=== Assigned task ===
Find the lines of data that contain the string "class", then list them.

=== Given records ===
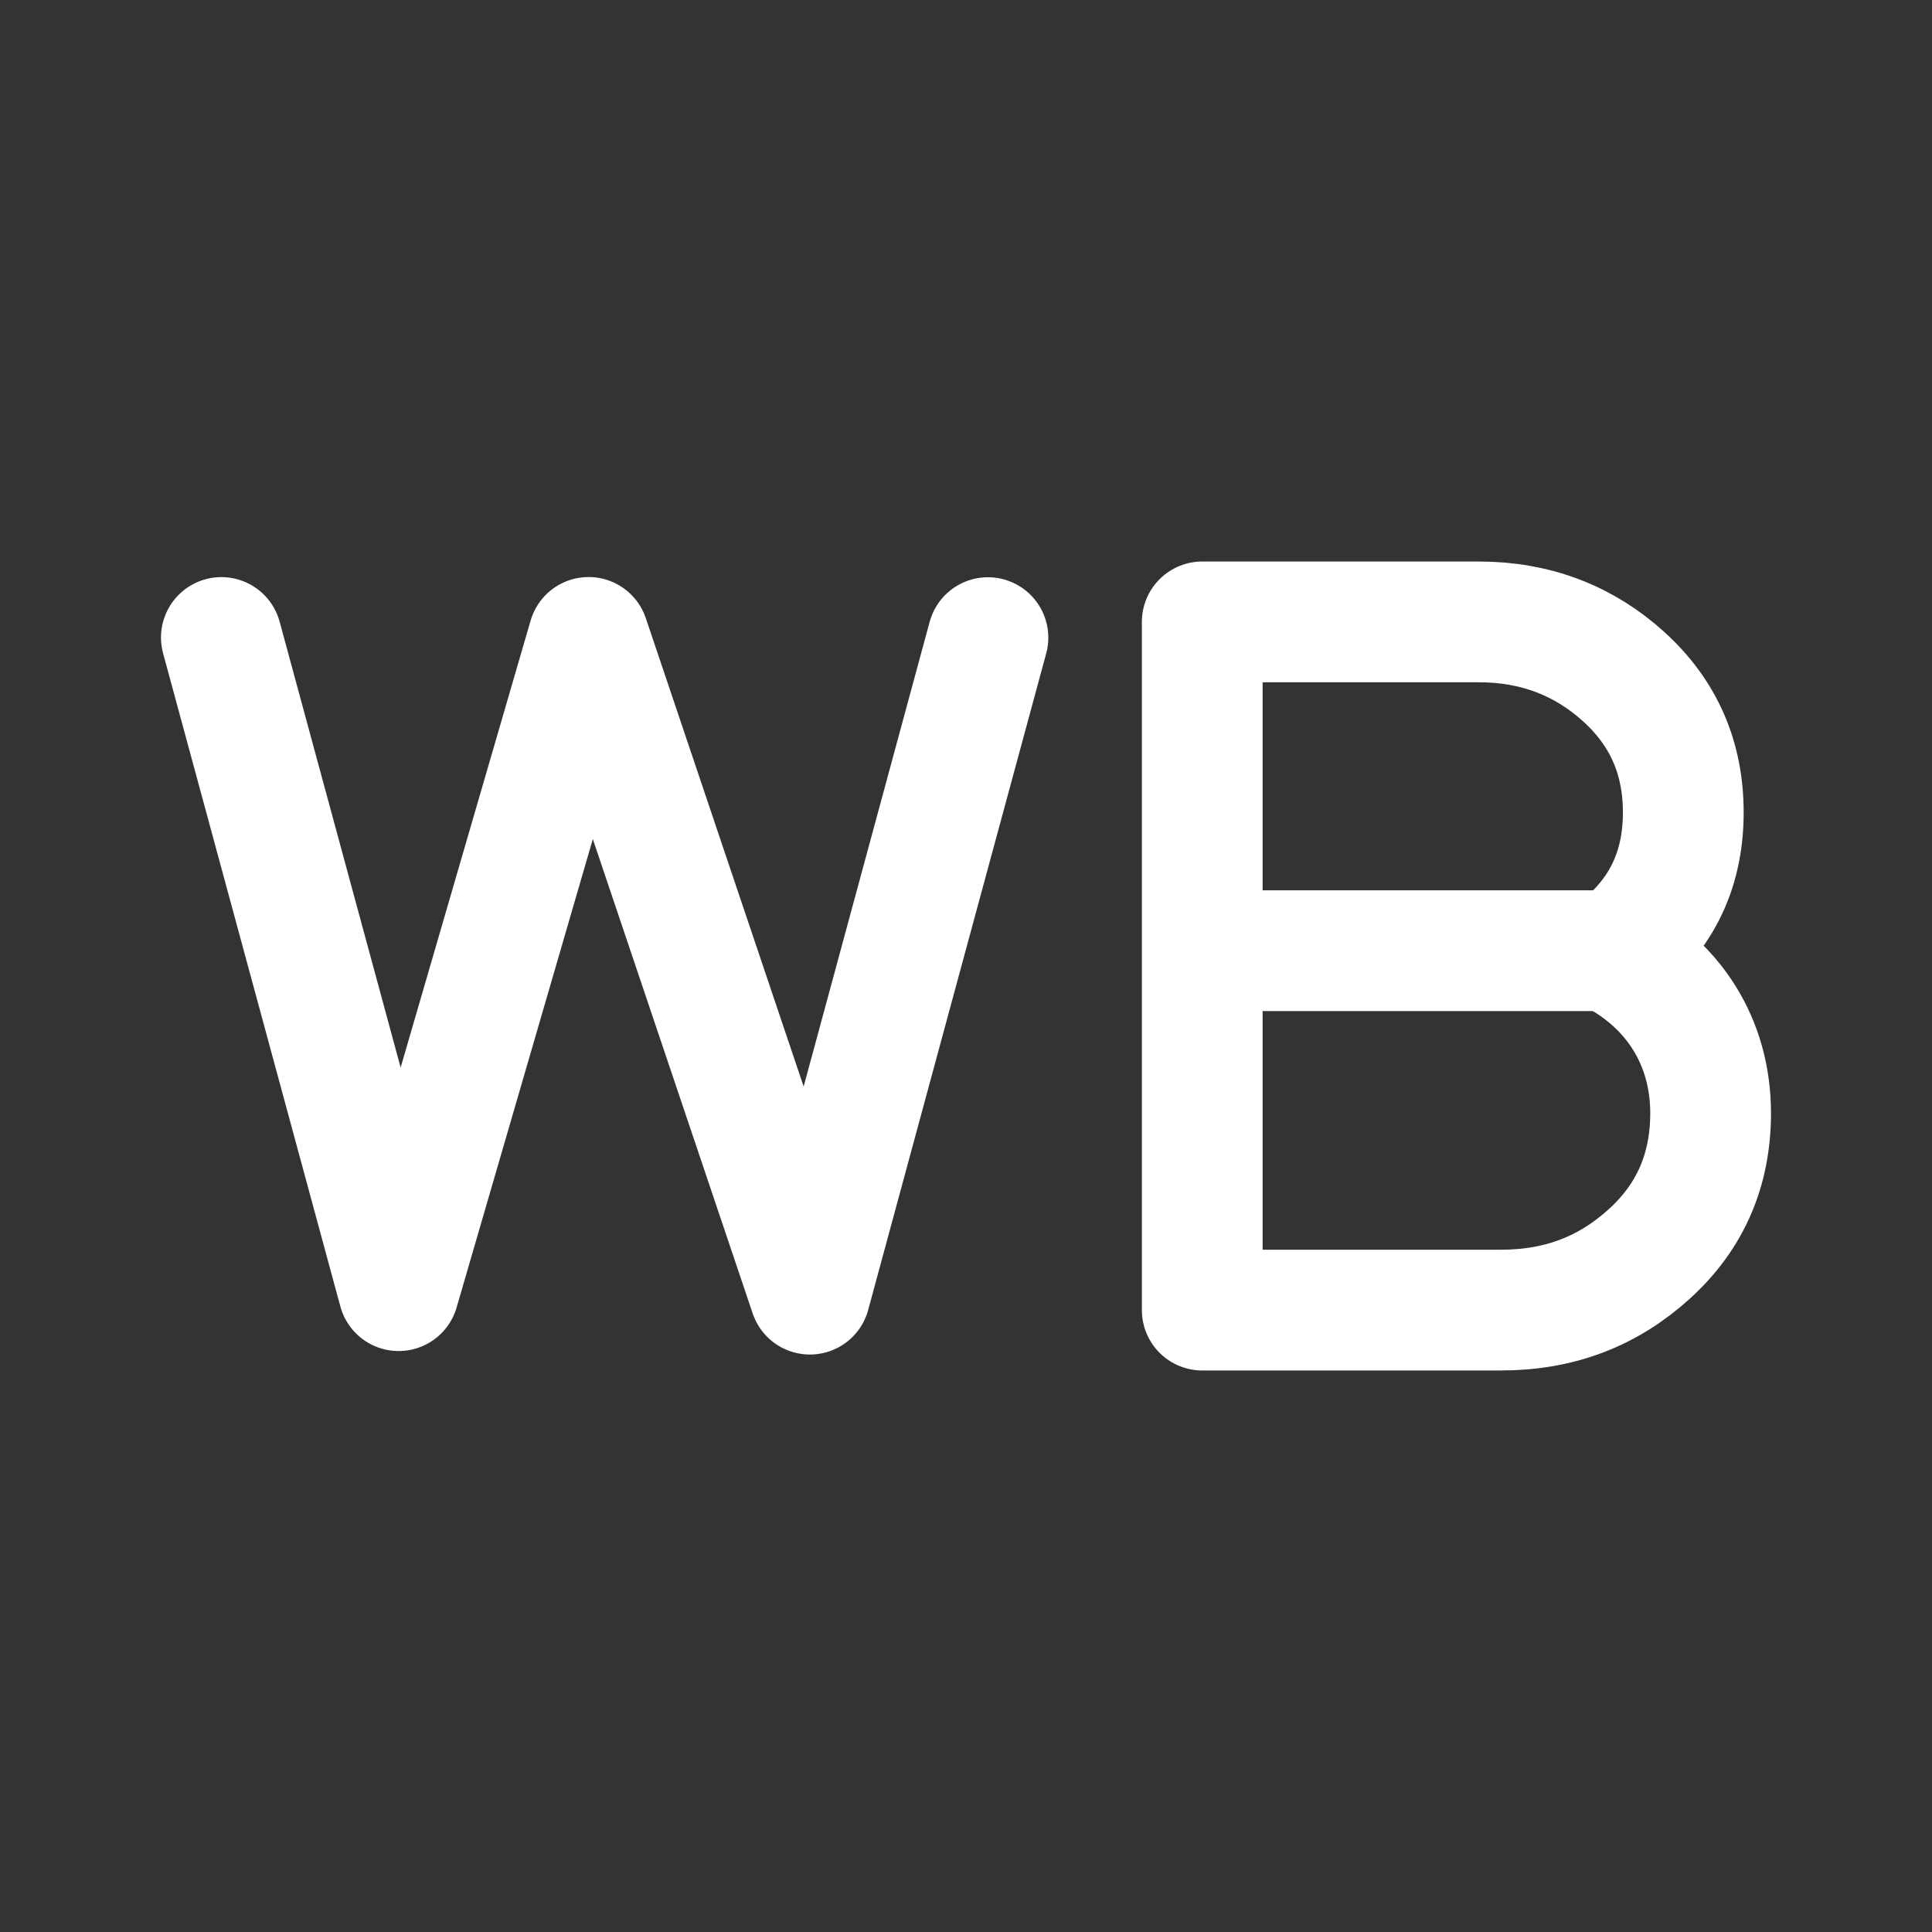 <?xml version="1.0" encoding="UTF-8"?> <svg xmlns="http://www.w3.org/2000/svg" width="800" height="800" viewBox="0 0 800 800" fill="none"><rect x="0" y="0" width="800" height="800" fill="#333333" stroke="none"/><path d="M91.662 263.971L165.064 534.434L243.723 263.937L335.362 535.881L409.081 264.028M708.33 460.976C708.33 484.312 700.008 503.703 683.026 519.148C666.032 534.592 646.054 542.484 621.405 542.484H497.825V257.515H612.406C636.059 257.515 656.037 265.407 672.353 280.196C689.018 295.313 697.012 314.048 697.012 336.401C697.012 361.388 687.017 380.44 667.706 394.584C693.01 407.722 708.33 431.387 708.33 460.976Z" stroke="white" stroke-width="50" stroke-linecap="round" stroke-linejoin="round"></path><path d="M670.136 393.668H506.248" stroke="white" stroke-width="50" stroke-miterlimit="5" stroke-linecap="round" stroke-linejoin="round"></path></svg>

---

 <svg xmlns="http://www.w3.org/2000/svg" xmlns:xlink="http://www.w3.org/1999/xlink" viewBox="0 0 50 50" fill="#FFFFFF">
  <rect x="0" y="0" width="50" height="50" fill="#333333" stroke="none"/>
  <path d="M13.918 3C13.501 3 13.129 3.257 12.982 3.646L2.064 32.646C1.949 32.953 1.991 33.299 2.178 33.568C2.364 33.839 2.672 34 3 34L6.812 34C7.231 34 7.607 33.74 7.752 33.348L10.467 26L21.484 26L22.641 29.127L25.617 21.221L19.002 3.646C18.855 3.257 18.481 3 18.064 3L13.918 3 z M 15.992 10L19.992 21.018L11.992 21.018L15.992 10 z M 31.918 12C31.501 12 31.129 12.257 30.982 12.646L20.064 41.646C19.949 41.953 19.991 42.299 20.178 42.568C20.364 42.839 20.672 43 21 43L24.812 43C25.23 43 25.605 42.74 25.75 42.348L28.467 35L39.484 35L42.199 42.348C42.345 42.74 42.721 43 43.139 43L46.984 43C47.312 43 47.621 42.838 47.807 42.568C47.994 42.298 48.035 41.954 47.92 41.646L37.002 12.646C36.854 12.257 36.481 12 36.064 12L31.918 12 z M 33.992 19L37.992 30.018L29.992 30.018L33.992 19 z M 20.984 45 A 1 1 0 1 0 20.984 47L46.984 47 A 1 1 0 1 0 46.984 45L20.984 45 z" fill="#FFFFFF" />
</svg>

* * *

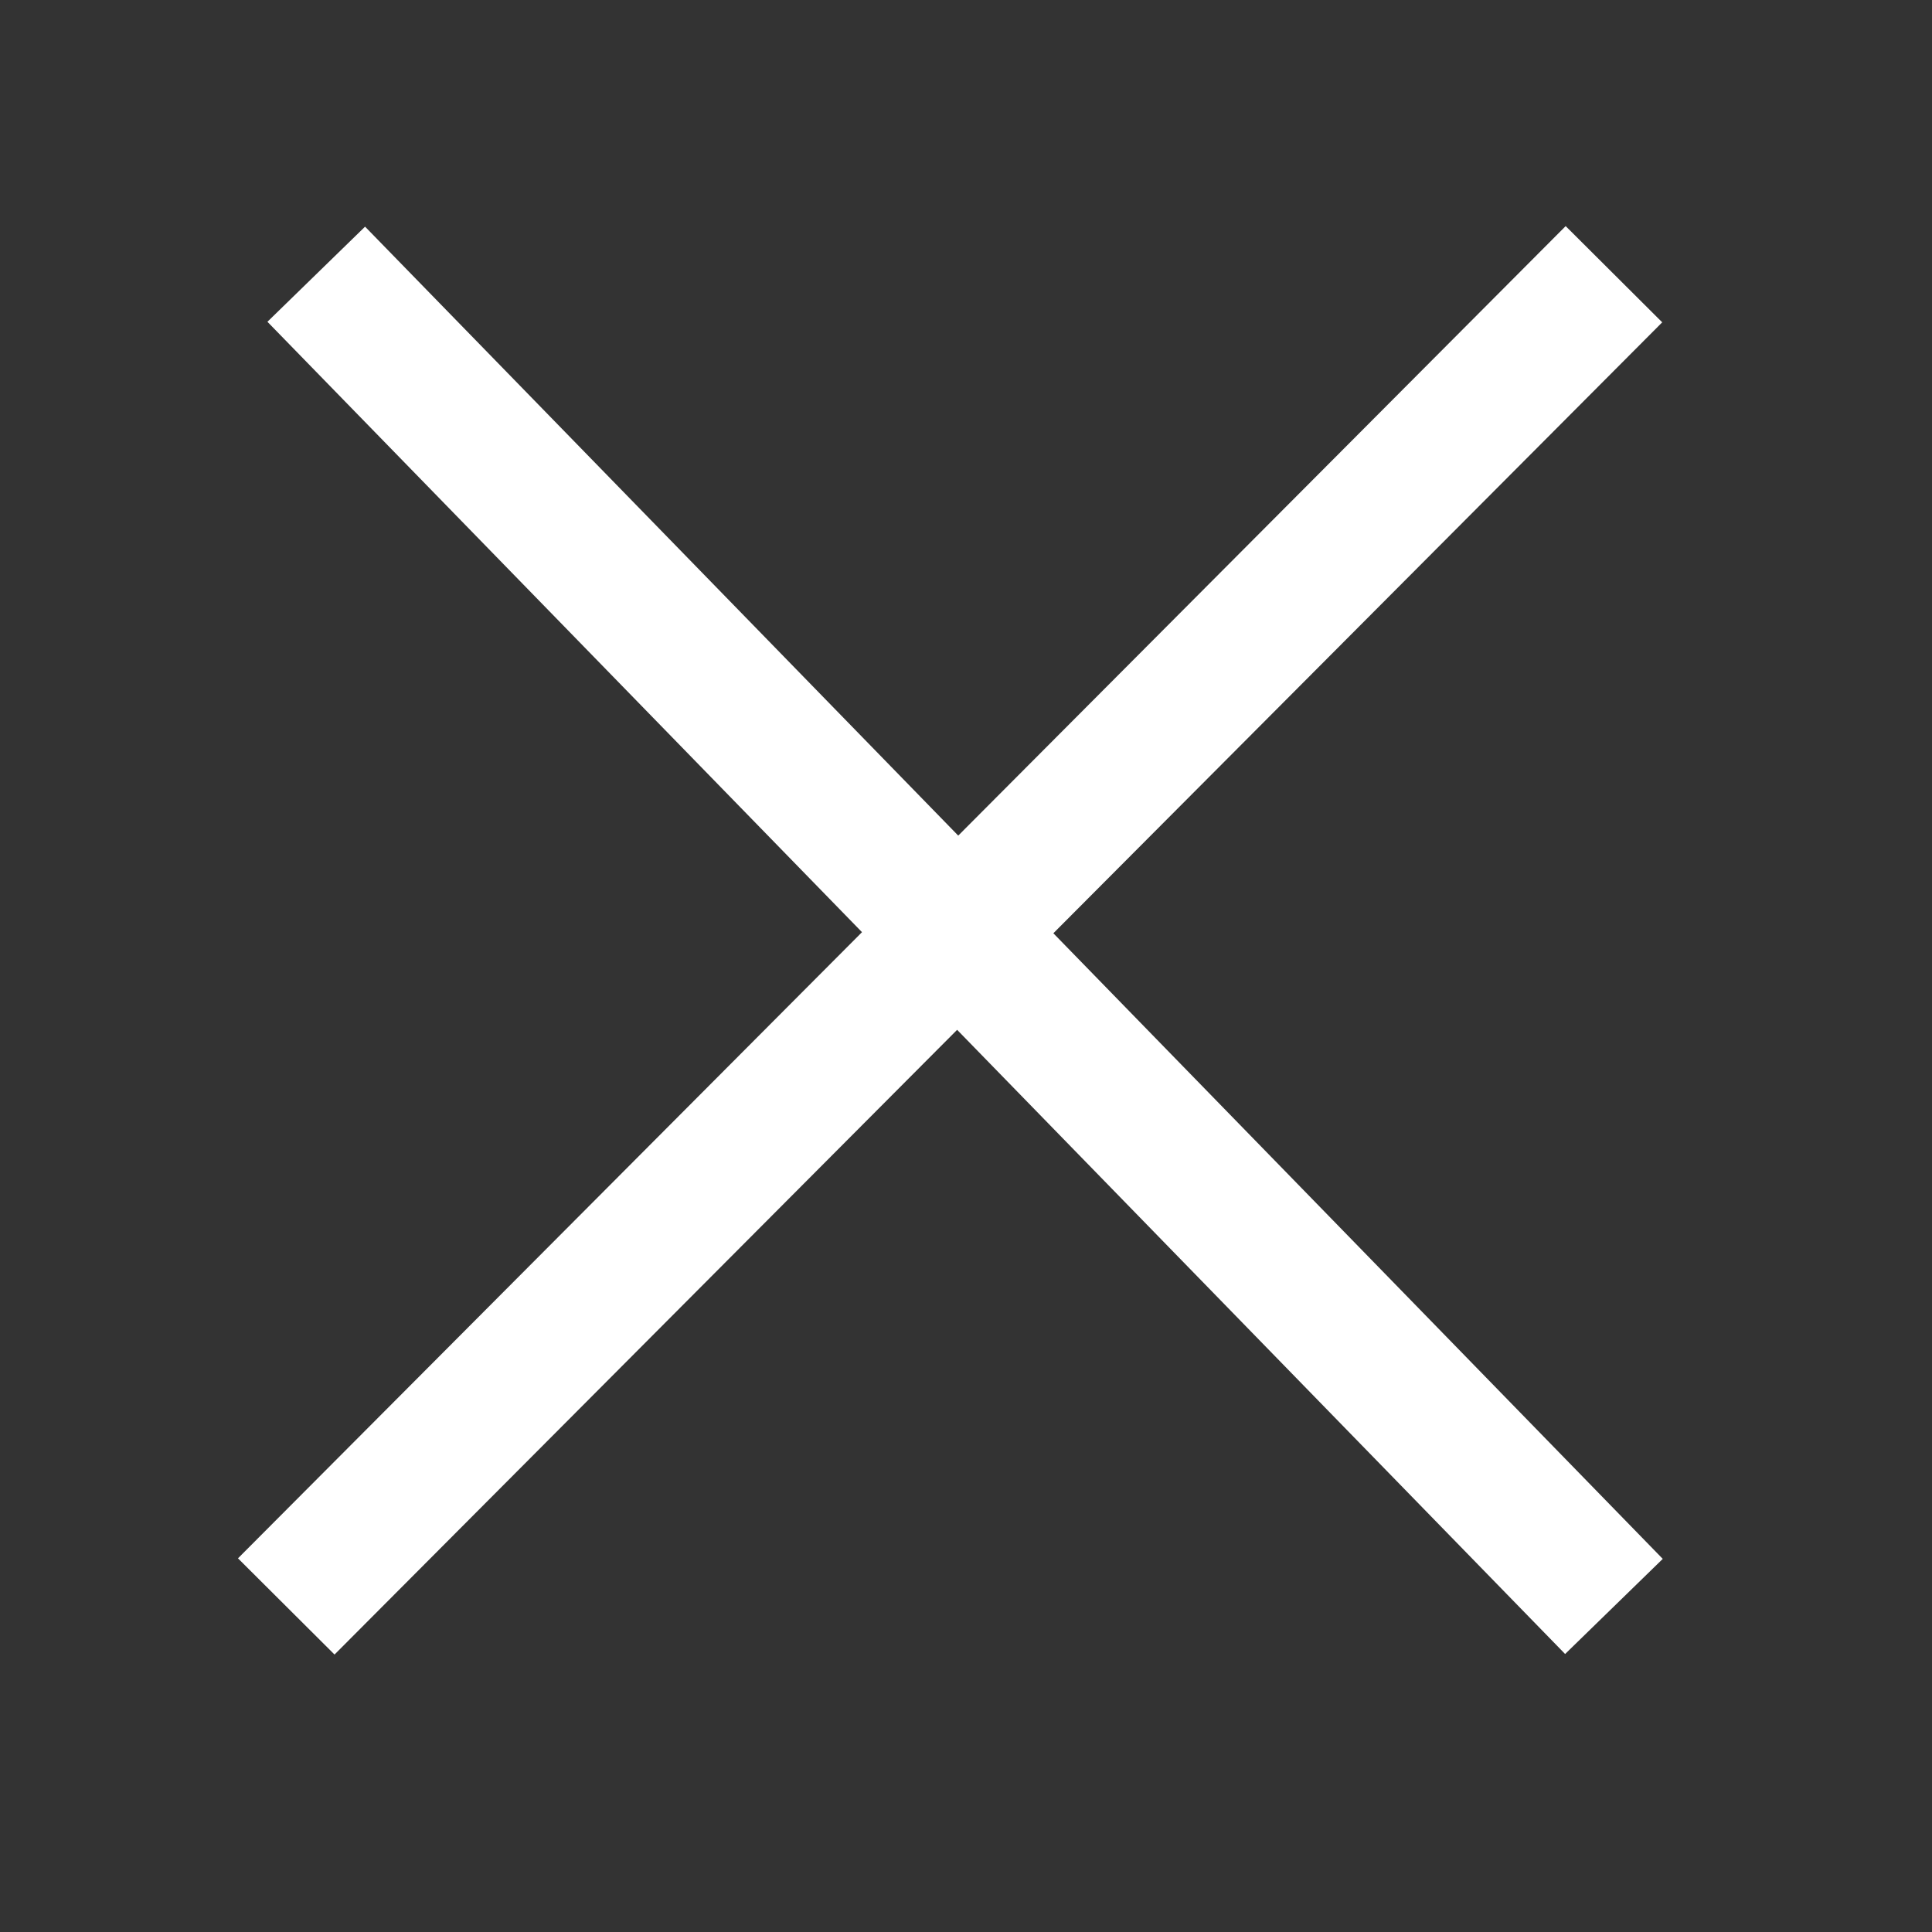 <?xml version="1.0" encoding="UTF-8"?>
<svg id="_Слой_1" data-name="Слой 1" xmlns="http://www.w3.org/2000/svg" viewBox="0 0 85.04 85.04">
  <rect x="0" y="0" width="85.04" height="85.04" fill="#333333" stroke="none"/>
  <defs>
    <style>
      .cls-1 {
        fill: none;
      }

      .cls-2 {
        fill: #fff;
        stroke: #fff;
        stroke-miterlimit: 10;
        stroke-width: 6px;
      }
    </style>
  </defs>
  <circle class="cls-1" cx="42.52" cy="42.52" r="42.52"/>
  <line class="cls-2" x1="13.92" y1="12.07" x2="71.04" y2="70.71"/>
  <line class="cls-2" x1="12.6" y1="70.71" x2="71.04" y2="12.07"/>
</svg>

=== Reply to the exercise ===
  <circle class="cls-1" cx="42.52" cy="42.52" r="42.52"/>
  <line class="cls-2" x1="13.92" y1="12.07" x2="71.04" y2="70.71"/>
  <line class="cls-2" x1="12.6" y1="70.71" x2="71.04" y2="12.07"/>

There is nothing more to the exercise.